### [What the task asks]
Take the line containing "Post-contrast T1-weighted (T1c)" and every line after it to the end of the records, and copy them exactly, excluding pictures.

### [Dataset records]
· · · · ·

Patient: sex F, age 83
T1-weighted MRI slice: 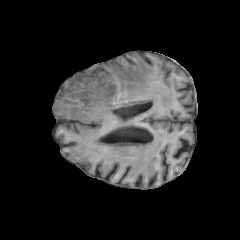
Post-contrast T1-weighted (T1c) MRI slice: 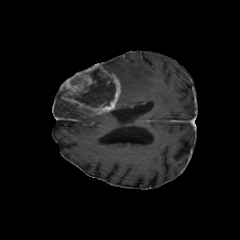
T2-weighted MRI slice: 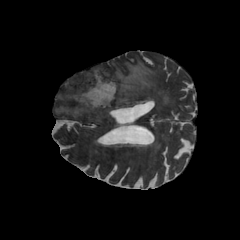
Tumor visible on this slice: yes
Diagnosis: Glioblastoma, IDH-wildtype
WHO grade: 4
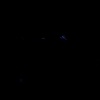
Label: space
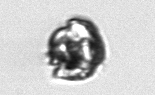
Label: Proterythropsis
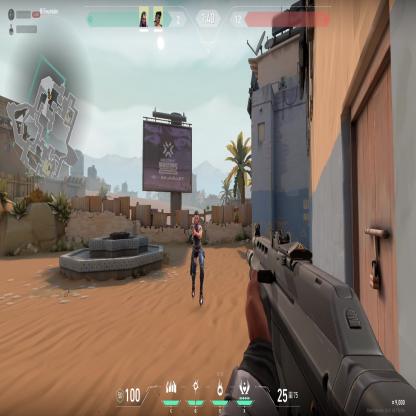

· · · · ·

### [Result of this exercise]
Post-contrast T1-weighted (T1c) MRI slice: 
T2-weighted MRI slice: 
Tumor visible on this slice: yes
Diagnosis: Glioblastoma, IDH-wildtype
WHO grade: 4
Label: space
Label: Proterythropsis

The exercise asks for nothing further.